** Problem to work on **
Down to the last line, restate the records word for word, but not the pictures.

═══ Data records

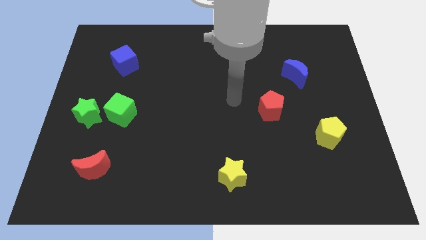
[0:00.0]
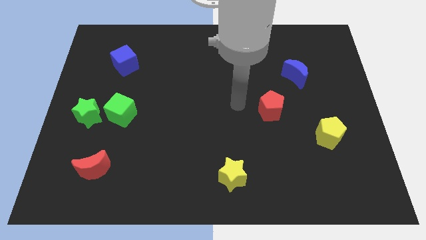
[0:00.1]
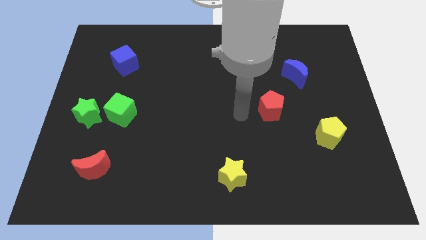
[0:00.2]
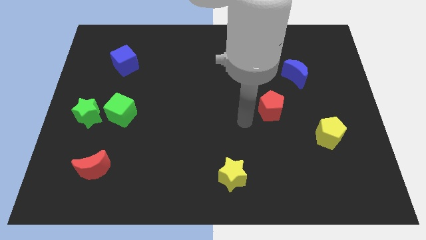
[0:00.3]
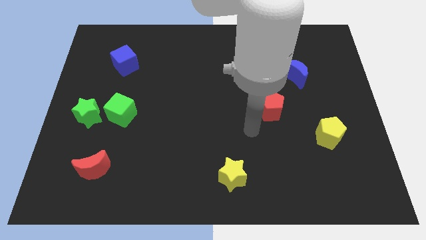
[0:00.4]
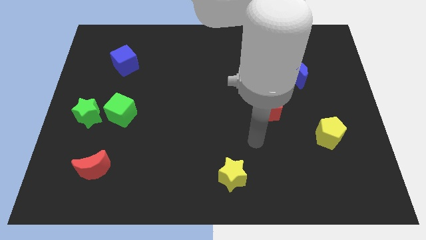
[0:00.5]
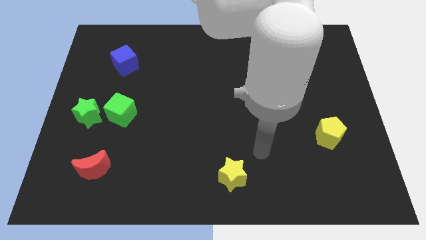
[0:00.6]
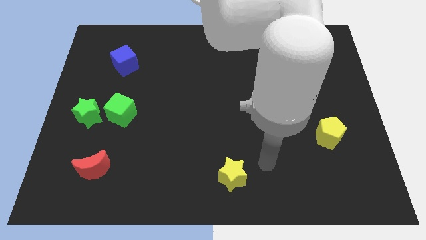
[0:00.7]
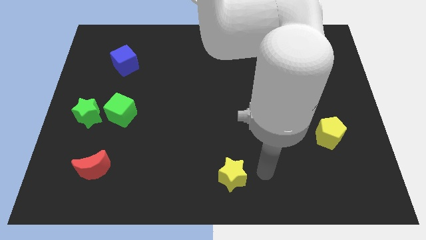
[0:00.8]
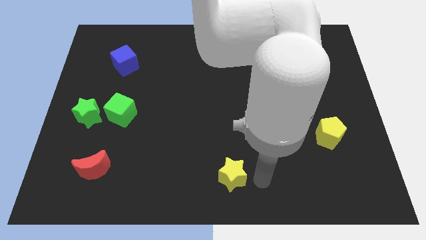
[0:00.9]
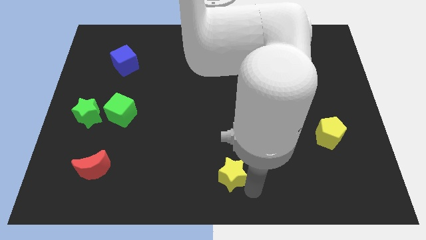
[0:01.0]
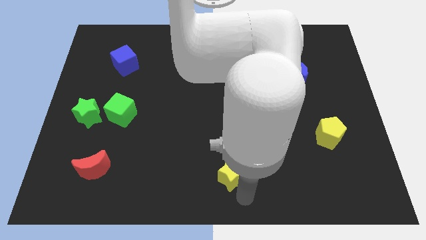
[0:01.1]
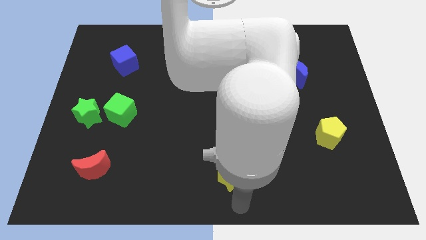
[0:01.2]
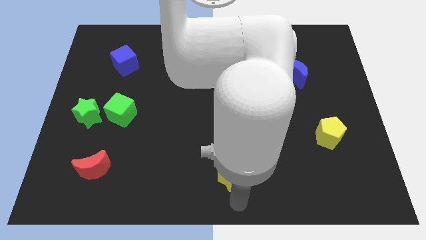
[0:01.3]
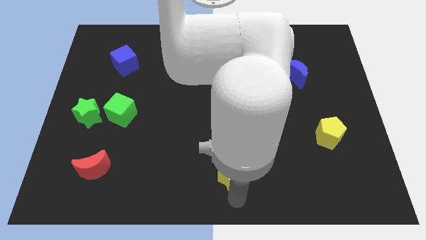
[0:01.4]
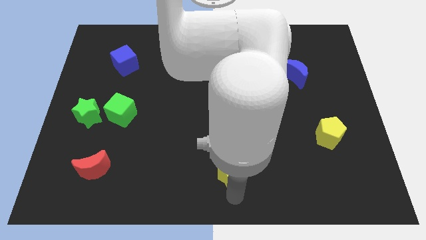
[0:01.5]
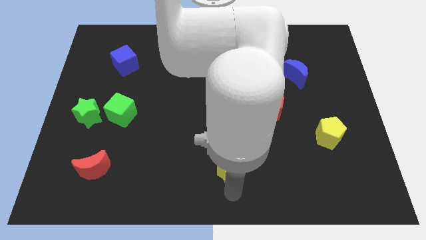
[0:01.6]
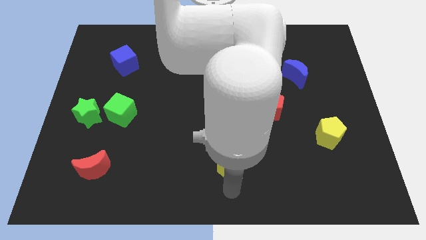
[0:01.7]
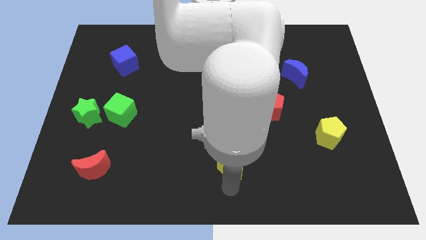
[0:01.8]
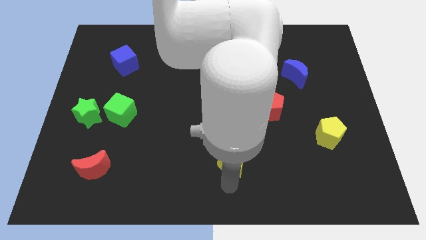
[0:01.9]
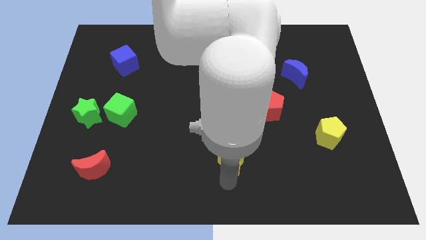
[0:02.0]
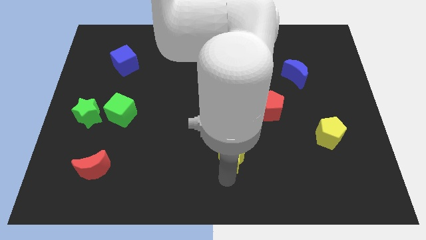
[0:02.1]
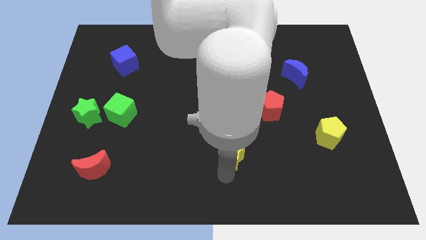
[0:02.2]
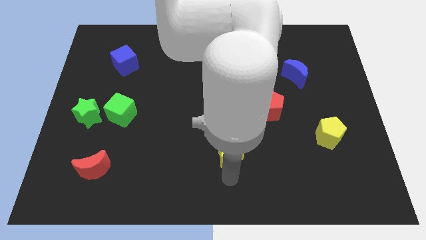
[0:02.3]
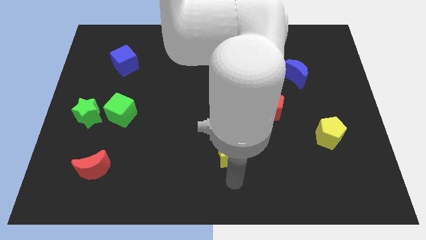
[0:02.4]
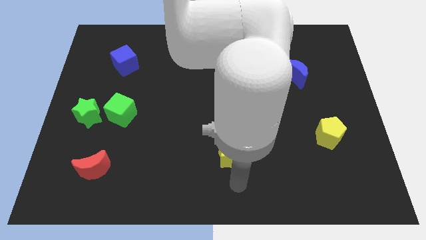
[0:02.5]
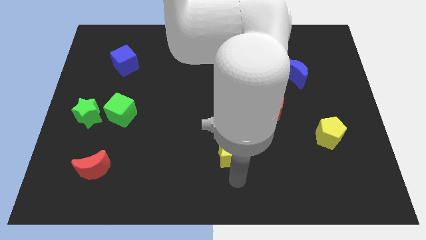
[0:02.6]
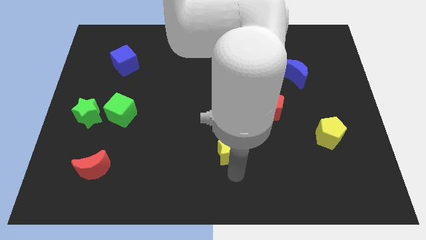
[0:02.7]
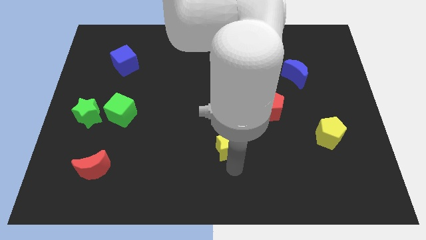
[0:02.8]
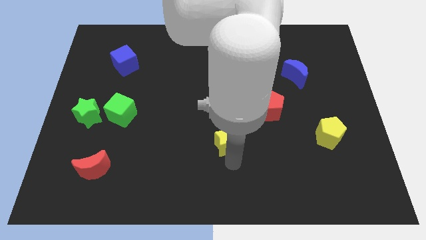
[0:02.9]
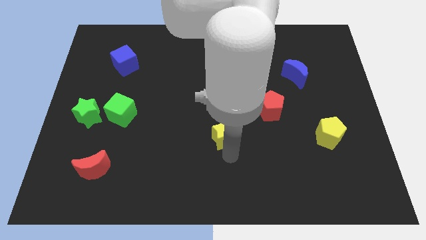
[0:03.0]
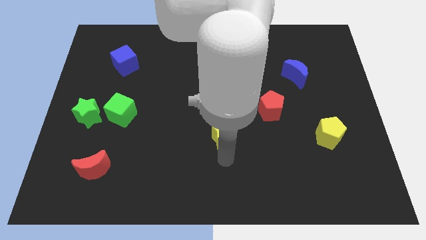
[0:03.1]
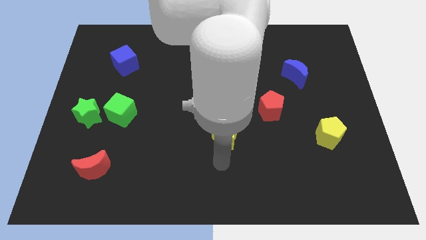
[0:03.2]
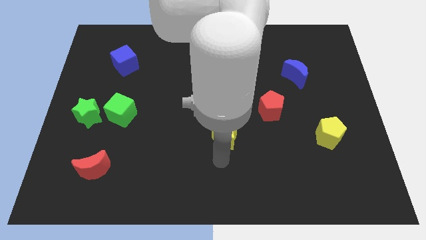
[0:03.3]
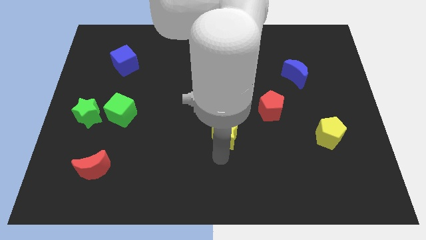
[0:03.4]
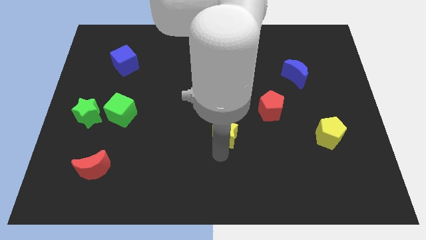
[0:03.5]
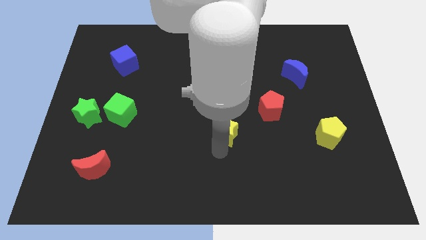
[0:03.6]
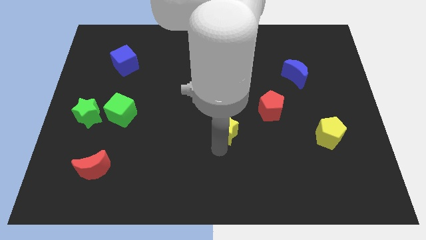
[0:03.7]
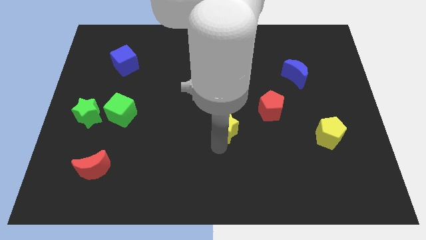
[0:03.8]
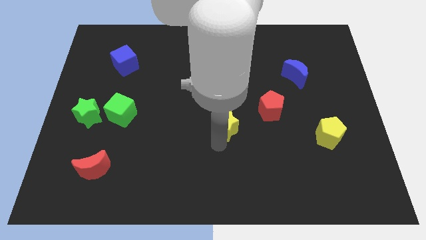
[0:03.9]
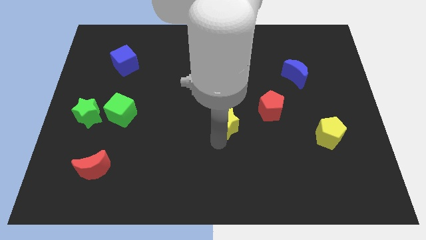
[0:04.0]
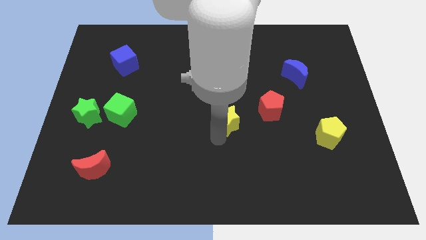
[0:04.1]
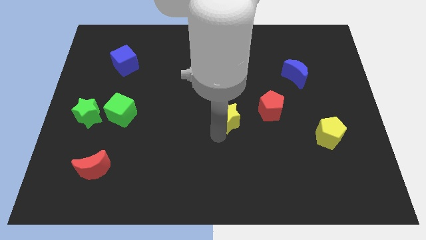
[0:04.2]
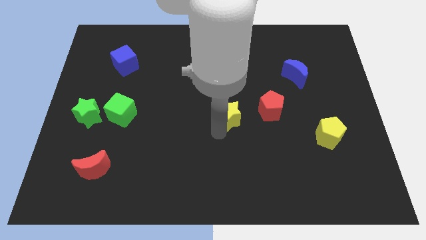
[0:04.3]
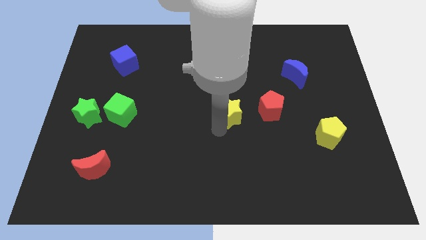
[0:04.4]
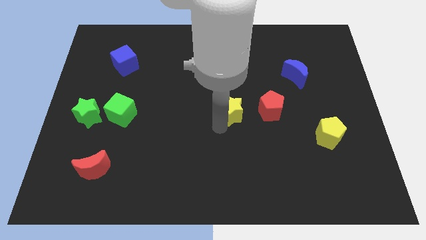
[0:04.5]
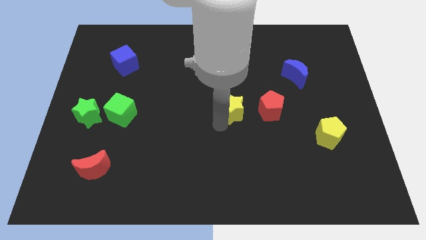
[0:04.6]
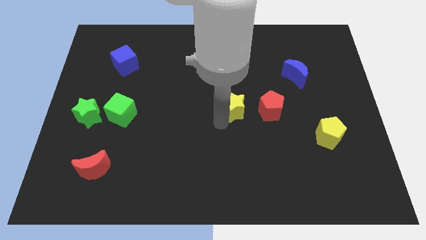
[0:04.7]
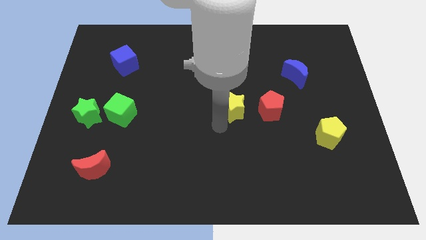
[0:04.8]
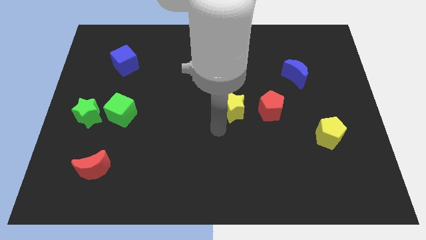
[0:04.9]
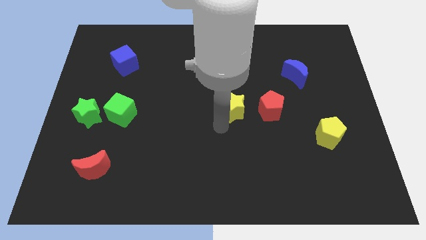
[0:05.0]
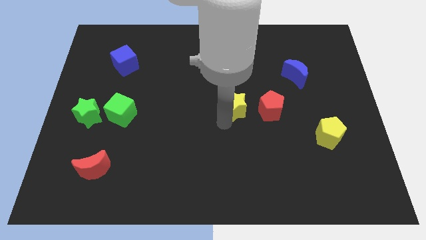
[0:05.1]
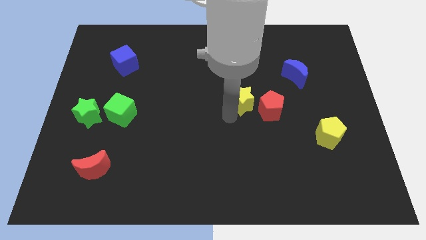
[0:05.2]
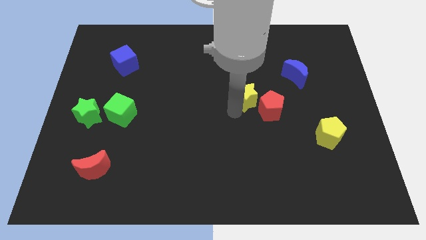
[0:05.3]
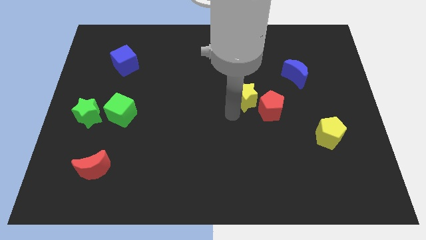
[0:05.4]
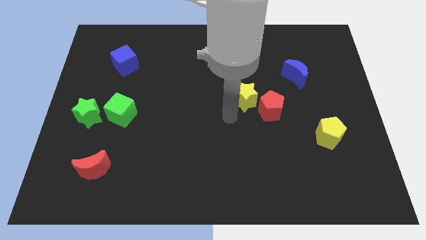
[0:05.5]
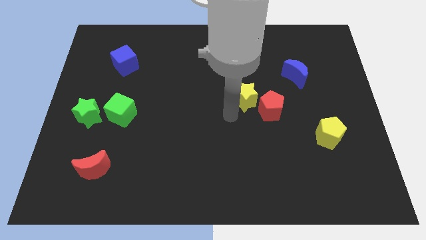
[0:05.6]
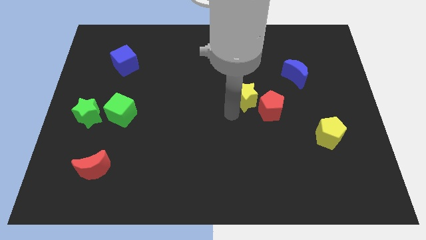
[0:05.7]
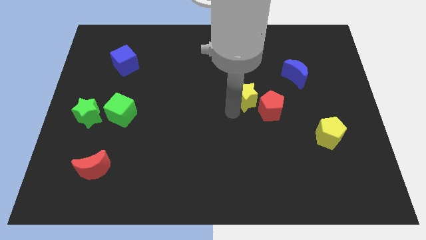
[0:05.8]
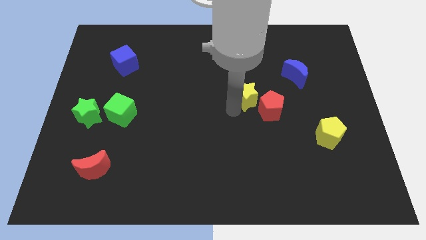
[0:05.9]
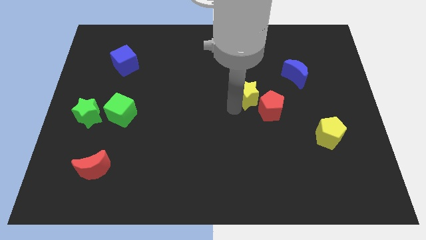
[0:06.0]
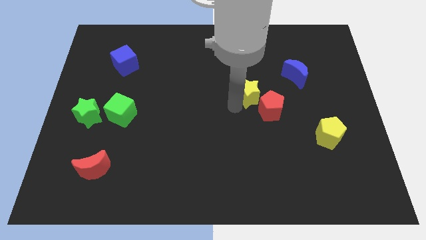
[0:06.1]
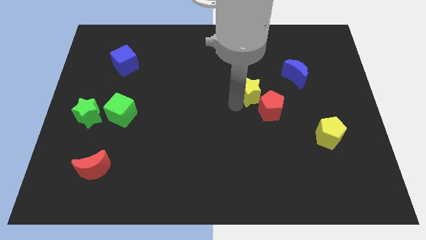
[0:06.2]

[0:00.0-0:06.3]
move the yellow star to the top of the red pentagon

══════

** Result below **
[0:00.0]
[0:00.1]
[0:00.2]
[0:00.3]
[0:00.4]
[0:00.5]
[0:00.6]
[0:00.7]
[0:00.8]
[0:00.9]
[0:01.0]
[0:01.1]
[0:01.2]
[0:01.3]
[0:01.4]
[0:01.5]
[0:01.6]
[0:01.7]
[0:01.8]
[0:01.9]
[0:02.0]
[0:02.1]
[0:02.2]
[0:02.3]
[0:02.4]
[0:02.5]
[0:02.6]
[0:02.7]
[0:02.8]
[0:02.9]
[0:03.0]
[0:03.1]
[0:03.2]
[0:03.3]
[0:03.4]
[0:03.5]
[0:03.6]
[0:03.7]
[0:03.8]
[0:03.9]
[0:04.0]
[0:04.1]
[0:04.2]
[0:04.3]
[0:04.4]
[0:04.5]
[0:04.6]
[0:04.7]
[0:04.8]
[0:04.9]
[0:05.0]
[0:05.1]
[0:05.2]
[0:05.3]
[0:05.4]
[0:05.5]
[0:05.6]
[0:05.7]
[0:05.8]
[0:05.9]
[0:06.0]
[0:06.1]
[0:06.2]

[0:00.0-0:06.3]
move the yellow star to the top of the red pentagon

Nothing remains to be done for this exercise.